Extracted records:
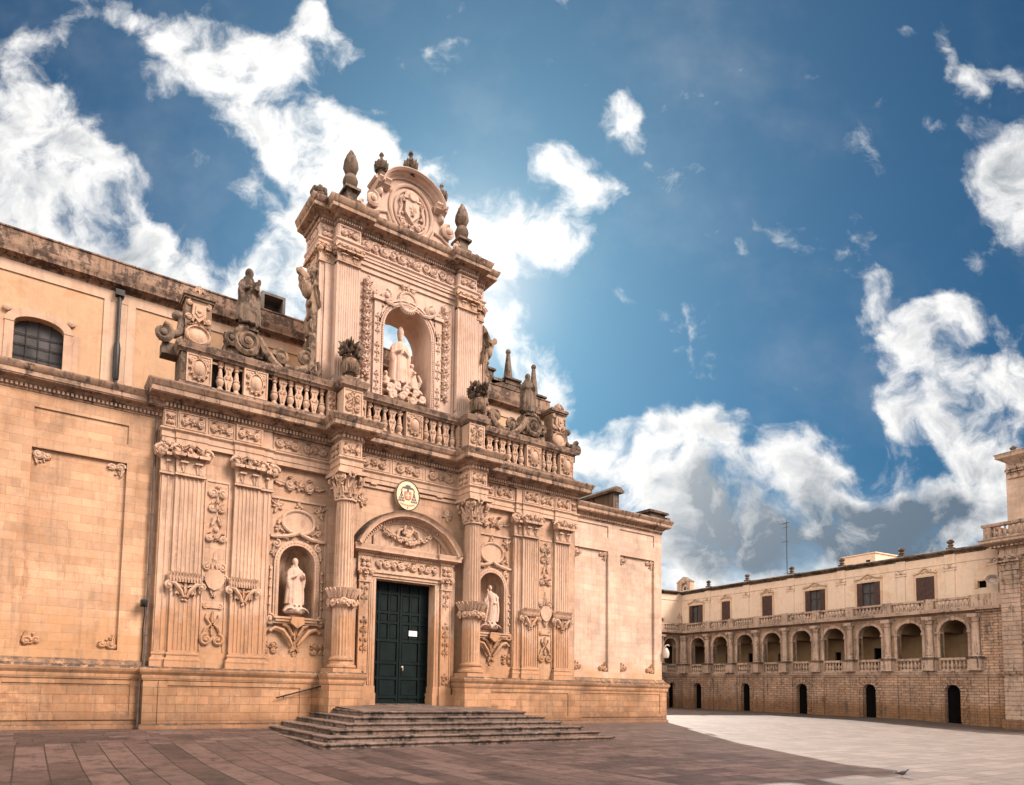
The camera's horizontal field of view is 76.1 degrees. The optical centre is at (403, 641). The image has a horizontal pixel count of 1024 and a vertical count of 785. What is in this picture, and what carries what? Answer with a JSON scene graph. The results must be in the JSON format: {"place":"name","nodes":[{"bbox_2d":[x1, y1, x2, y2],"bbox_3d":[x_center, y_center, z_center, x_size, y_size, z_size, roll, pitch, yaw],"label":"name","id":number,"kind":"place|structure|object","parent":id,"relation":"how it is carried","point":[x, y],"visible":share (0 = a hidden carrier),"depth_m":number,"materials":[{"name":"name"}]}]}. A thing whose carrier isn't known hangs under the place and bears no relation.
{"place":"outdoors","nodes":[
{"label":"outdoors","id":0,"kind":"place"},
{"bbox_2d":[0,707,1023,784],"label":"ground","id":1,"kind":"structure","parent":0,"point":[690,746],"depth_m":17.16,"materials":[{"name":"beige stone"}]},
{"bbox_2d":[0,150,674,730],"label":"cathedral","id":2,"kind":"structure","parent":1,"relation":"on","point":[280,444],"depth_m":24.30,"materials":[{"name":"stone"}]},
{"bbox_2d":[140,599,147,660],"bbox_3d":[-8.455,-0.288,20.768,0.210,2.121,0.486,4,-5,-30],"label":"floodlight","id":3,"kind":"object","parent":2,"relation":"attached to","point":[144,603],"visible":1,"depth_m":20.86,"materials":[{"name":"black metal"}]},
{"bbox_2d":[136,417,157,727],"bbox_3d":[-8.348,-2.345,20.939,0.158,10.250,0.335,2,-4,-9],"label":"rain pipe","id":4,"kind":"object","parent":2,"relation":"attached to","point":[148,575],"visible":0.94,"depth_m":21.02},
{"bbox_2d":[235,268,260,329],"bbox_3d":[-5.598,-12.426,23.228,0.949,2.207,0.732,5,-5,-40],"label":"parapet statue","id":5,"kind":"object","parent":2,"relation":"on","point":[248,304],"visible":0.95,"depth_m":23.03,"materials":[{"name":"brown stone"}]},
{"bbox_2d":[260,290,285,314],"bbox_3d":[-6.191,-15.058,29.753,1.120,1.620,0.900,4,-5,-30],"label":"roof vent","id":6,"kind":"object","parent":2,"relation":"on","point":[273,302],"visible":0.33,"depth_m":29.68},
{"bbox_2d":[282,558,308,614],"bbox_3d":[-4.012,-2.038,23.659,1.007,2.084,0.670,4,-5,-36],"label":"niche statue","id":7,"kind":"object","parent":2,"relation":"in","point":[294,592],"visible":1,"depth_m":23.50,"materials":[{"name":"stone"}]},
{"bbox_2d":[276,686,320,698],"bbox_3d":[-3.712,1.802,23.002,1.807,0.532,0.148,4,-5,-30],"label":"handrail","id":8,"kind":"object","parent":2,"relation":"attached to","point":[283,696],"visible":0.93,"depth_m":22.89,"materials":[{"name":"black metal"}]},
{"bbox_2d":[337,336,363,380],"bbox_3d":[-2.021,-10.618,24.329,1.001,1.700,0.999,4,-5,-30],"label":"stone urn","id":9,"kind":"object","parent":2,"relation":"on","point":[350,363],"visible":0.98,"depth_m":24.09,"materials":[{"name":"beige stone"}]},
{"bbox_2d":[373,581,399,703],"bbox_3d":[-0.857,0.035,25.578,1.452,4.915,0.132,4,-5,-30],"label":"door","id":10,"kind":"structure","parent":2,"relation":"in","point":[387,609],"depth_m":25.64,"materials":[{"name":"black wood"}]},
{"bbox_2d":[382,326,425,405],"bbox_3d":[-0.059,-11.562,27.032,2.165,3.470,0.838,3,-4,-26],"label":"bishop statue","id":11,"kind":"object","parent":2,"relation":"on","point":[400,379],"visible":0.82,"depth_m":26.79,"materials":[{"name":"stone"}]},
{"bbox_2d":[394,480,419,510],"bbox_3d":[0.126,-5.848,25.879,1.118,1.238,0.184,4,-5,-30],"label":"painted shield","id":12,"kind":"object","parent":2,"relation":"attached to","point":[406,495],"visible":1,"depth_m":25.80,"materials":[{"name":"white paint"}]},
{"bbox_2d":[409,631,416,636],"bbox_3d":[0.366,-0.303,26.239,0.390,0.220,0.015,4,-5,-30],"label":"paper notice","id":13,"kind":"object","parent":2,"relation":"attached to","point":[413,633],"visible":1,"depth_m":26.24,"materials":[{"name":"white paper"}]},
{"bbox_2d":[397,583,428,703],"bbox_3d":[0.430,0.114,26.280,1.452,4.915,0.221,4,-5,-30],"label":"door","id":14,"kind":"structure","parent":2,"relation":"in","point":[414,599],"depth_m":26.25,"materials":[{"name":"black wood"}]},
{"bbox_2d":[466,380,488,417],"bbox_3d":[3.148,-10.285,27.384,0.998,1.700,1.008,4,-5,-30],"label":"stone urn","id":15,"kind":"object","parent":2,"relation":"on","point":[477,392],"visible":0.99,"depth_m":27.14,"materials":[{"name":"beige stone"}]},
{"bbox_2d":[480,585,500,629],"bbox_3d":[3.757,-1.490,28.208,0.963,1.963,0.640,2,-4,-10],"label":"niche statue","id":16,"kind":"object","parent":2,"relation":"in","point":[491,610],"visible":0.88,"depth_m":28.08,"materials":[{"name":"stone"}]},
{"bbox_2d":[519,374,536,414],"bbox_3d":[5.810,-11.567,30.044,0.849,1.974,0.663,3,-4,-20],"label":"parapet statue","id":17,"kind":"object","parent":2,"relation":"on","point":[528,391],"visible":0.96,"depth_m":29.87,"materials":[{"name":"brown stone"}]},
{"bbox_2d":[663,644,668,657],"bbox_3d":[13.801,0.530,33.773,0.343,0.752,0.325,0,-4,15],"label":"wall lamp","id":18,"kind":"object","parent":2,"relation":"attached to","point":[666,653],"visible":1,"depth_m":33.66,"materials":[{"name":"white glass"}]},
{"bbox_2d":[270,705,614,749],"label":"entrance steps","id":19,"kind":"structure","parent":1,"relation":"on","point":[372,726],"depth_m":21.23,"materials":[{"name":"stone"}]},
{"bbox_2d":[662,589,682,707],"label":"palace wing","id":20,"kind":"structure","parent":1,"relation":"on","point":[672,664],"depth_m":65.60,"materials":[{"name":"beige stone"}]},
{"bbox_2d":[669,683,672,706],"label":"door","id":21,"kind":"structure","parent":20,"relation":"in","point":[671,686],"depth_m":65.53,"materials":[{"name":"black wood"}]},
{"bbox_2d":[679,539,1005,727],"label":"loggia palace","id":22,"kind":"structure","parent":1,"relation":"on","point":[901,635],"depth_m":50.65,"materials":[{"name":"stone"}]},
{"bbox_2d":[676,577,694,594],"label":"bell gable","id":23,"kind":"structure","parent":22,"relation":"on","point":[682,582],"depth_m":69.50,"materials":[{"name":"beige stone"}]},
{"bbox_2d":[697,683,701,708],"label":"door","id":24,"kind":"structure","parent":22,"relation":"in","point":[699,687],"depth_m":64.31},
{"bbox_2d":[744,684,749,710],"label":"door","id":25,"kind":"structure","parent":22,"relation":"in","point":[746,687],"depth_m":59.35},
{"bbox_2d":[780,521,788,574],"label":"roof antenna","id":26,"kind":"object","parent":22,"relation":"on","point":[786,542],"visible":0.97,"depth_m":58.50,"materials":[{"name":"black metal"}]},
{"bbox_2d":[799,684,807,713],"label":"door","id":27,"kind":"structure","parent":22,"relation":"in","point":[803,689],"depth_m":54.42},
{"bbox_2d":[866,684,875,717],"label":"door","id":28,"kind":"structure","parent":22,"relation":"in","point":[870,690],"depth_m":49.48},
{"bbox_2d":[948,685,961,723],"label":"door","id":29,"kind":"structure","parent":22,"relation":"in","point":[954,700],"depth_m":44.51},
{"bbox_2d":[892,769,908,777],"bbox_3d":[11.738,3.111,15.168,0.340,0.214,0.114,-1,-5,30],"label":"pigeon","id":30,"kind":"object","parent":1,"relation":"on","point":[903,772],"visible":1,"depth_m":15.13,"materials":[{"name":"grey"}]},
{"bbox_2d":[977,445,1023,729],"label":"corner tower","id":31,"kind":"structure","parent":1,"relation":"on","point":[1009,559],"depth_m":41.31,"materials":[{"name":"stone"}]},
{"bbox_2d":[985,574,999,583],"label":"horn loudspeaker","id":32,"kind":"object","parent":31,"relation":"attached to","point":[992,579],"visible":1,"depth_m":42.24,"materials":[{"name":"grey metal"}]},
{"bbox_2d":[0,0,1023,590],"label":"sky","id":33,"kind":"structure","parent":0,"point":[763,260],"materials":[{"name":"blue"}]},
{"bbox_2d":[677,613,682,623],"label":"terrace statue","id":34,"kind":"object","parent":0,"point":[679,619],"visible":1,"depth_m":65.74,"materials":[{"name":"beige stone"}]}
]}

-- REQUIRED ACTION --
From the data above, copy every line where "nodes" appears.

-- OUTPUT --
The camera's horizontal field of view is 76.1 degrees. The optical centre is at (403, 641). The image has a horizontal pixel count of 1024 and a vertical count of 785. What is in this picture, and what carries what? Answer with a JSON scene graph. The results must be in the JSON format: {"place":"name","nodes":[{"bbox_2d":[x1, y1, x2, y2],"bbox_3d":[x_center, y_center, z_center, x_size, y_size, z_size, roll, pitch, yaw],"label":"name","id":number,"kind":"place|structure|object","parent":id,"relation":"how it is carried","point":[x, y],"visible":share (0 = a hidden carrier),"depth_m":number,"materials":[{"name":"name"}]}]}. A thing whose carrier isn't known hangs under the place and bears no relation.
{"place":"outdoors","nodes":[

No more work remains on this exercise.